CUSTOMIZE YOUR TERM PLAN PURCHASE

1. Term insurance is meant to provide your dependents with enough money to replace your income in case of death, for them to take care of:-
a) Basic family expenditure,
b) Major expenses like education and marriage of children, and
c) Other liabilities like outstanding loans.
2. Your term plan's tenure should always cover the age till you aim to work, even considered as 65-70 years by insurers for offering policies.
3. Thumb rule for deciding your term plan compensation should be:- Outstanding loans plus 8-10 times your current annual income (or 20-25 times current annual expenses), as it presumes that your dependents would be able to fulfill the unfinished goals and become debt-free with the received amount.
4. It is, therefore, logical that this amount should also increase along with your loans, income and inflation-driven expenses as well.
5. However, if you aim to increase this compensation by calculating it after periodic gaps, you may run the risk of paying higher premiums as well as outright refusal of new policies after some time, due to various reasons like increasing age, health deterioration, etc.
6. Hence the need to buy term plans at a healthier younger age, say 25-35 years, for longest possible tenure, say 65-70 years age, for suitable compensation, calculated / estimated in advance, and as consented by the insurer.

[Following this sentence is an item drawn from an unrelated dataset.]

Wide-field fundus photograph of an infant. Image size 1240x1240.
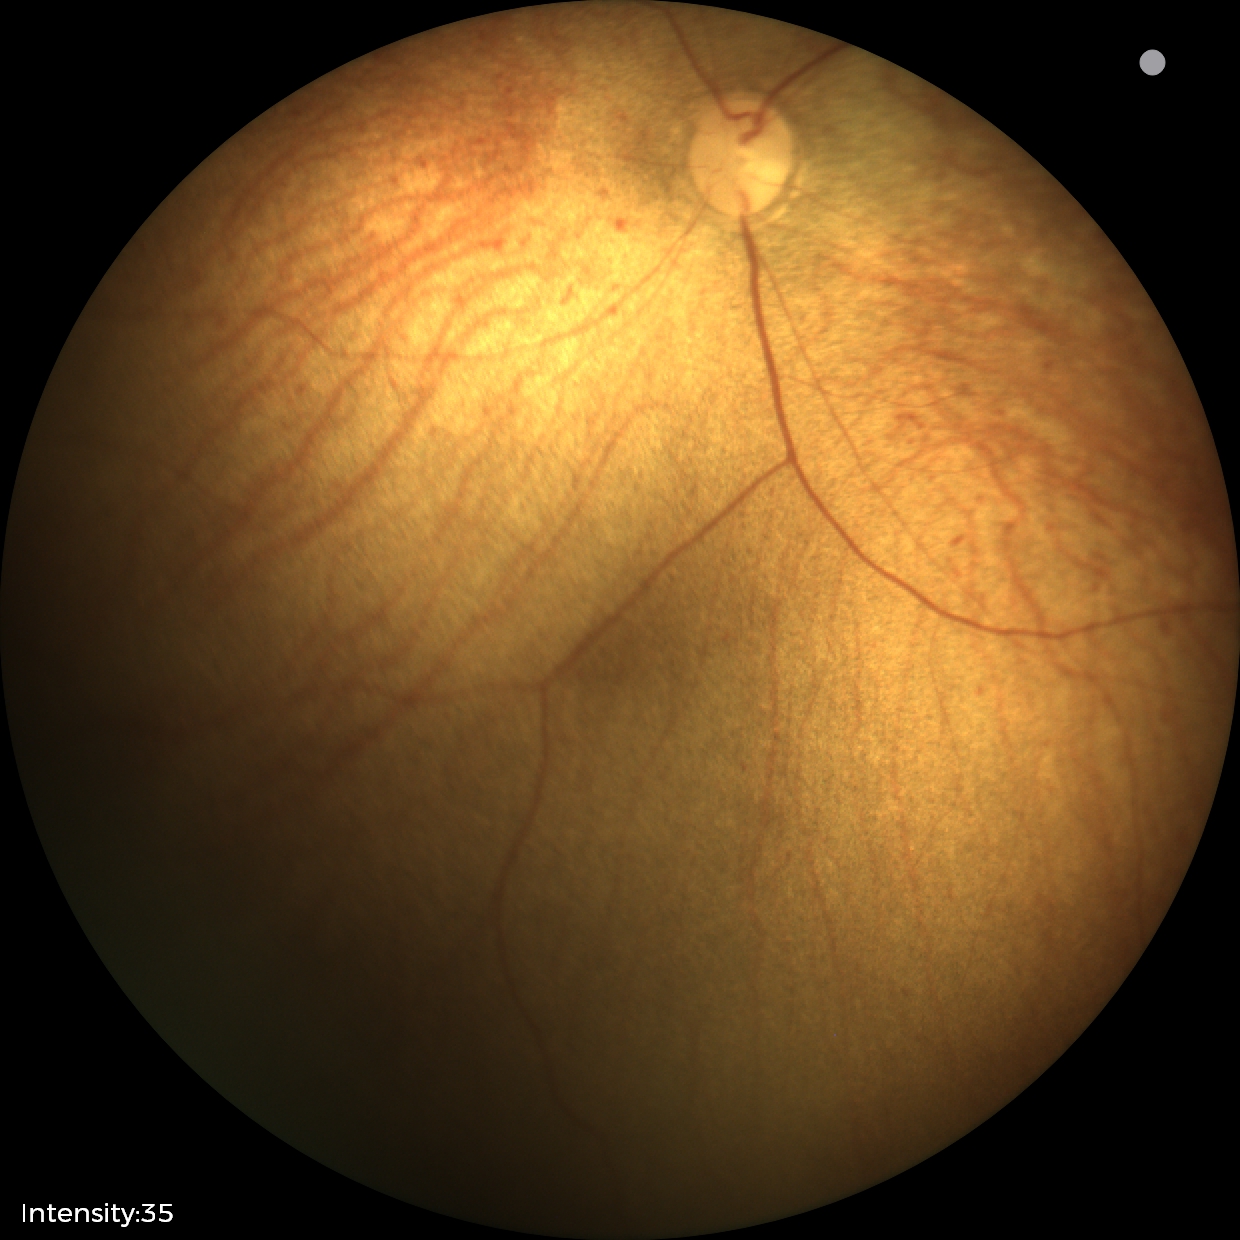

7. If you are a regular long-term SIP investor in growth-oriented mutual funds, instead of buying one omnibus term policy, it is beneficial to take smaller plans of varying terms simultaneously (even from different insurers if you want, but after declaring them to all), because:
a) Premium rates on term plans go up as the tenure increases,
b) Premium outgo can be reduced, by splitting the total cover across various tenures, without compromising on its extent,
c) Splitting your cover, say of 1 crore taken at the age of 30, into 4 smaller plans of 25 lakh each, with 4 different maturities of 10-40 years, reduces premium costs substantially,
8. As your insurance needs taper off with age (due to investment corpus and asset build-up, loan repayments, goals fulfilled, working and settled children, etc.), you can keep reducing your total cover by terminating the policies one by one.
9. In this way, you can ensure that as your insurance needs come down with age, so does your premium costs, leaving more savings in your hand to invest for your own retirement corpus, as all term policies get elapsed without any benefits upon survival.
10. To solve specific problems of insufficient term cover due to inflation or increase in income, some insurers also offer plans where cover increases
every year by 5-10%, or is indexed to inflation, automatically increasing the sum assured in future years.
11. If you must go for such plans, opt for either a 10% annual increase or an index-linked one, although some plans allow you to increase sum assured at certain lifestages like marriage or new home or childbirth.
12. In any case, your revised cover cannot be more than 3 times original sum assured, and premium of such plans is higher than an ordinary plan.
13. Similarly, there are plans where the cover keeps reducing as you repay big-ticket credits such as house loans.
14. All said, it is best to go for simple term plans for your specific needs, than for complex offerings, where you can configure the tenures by opting for several term plans in a way that they match your financial goals, and whenever a goal is achieved, the corresponding term plan terminates.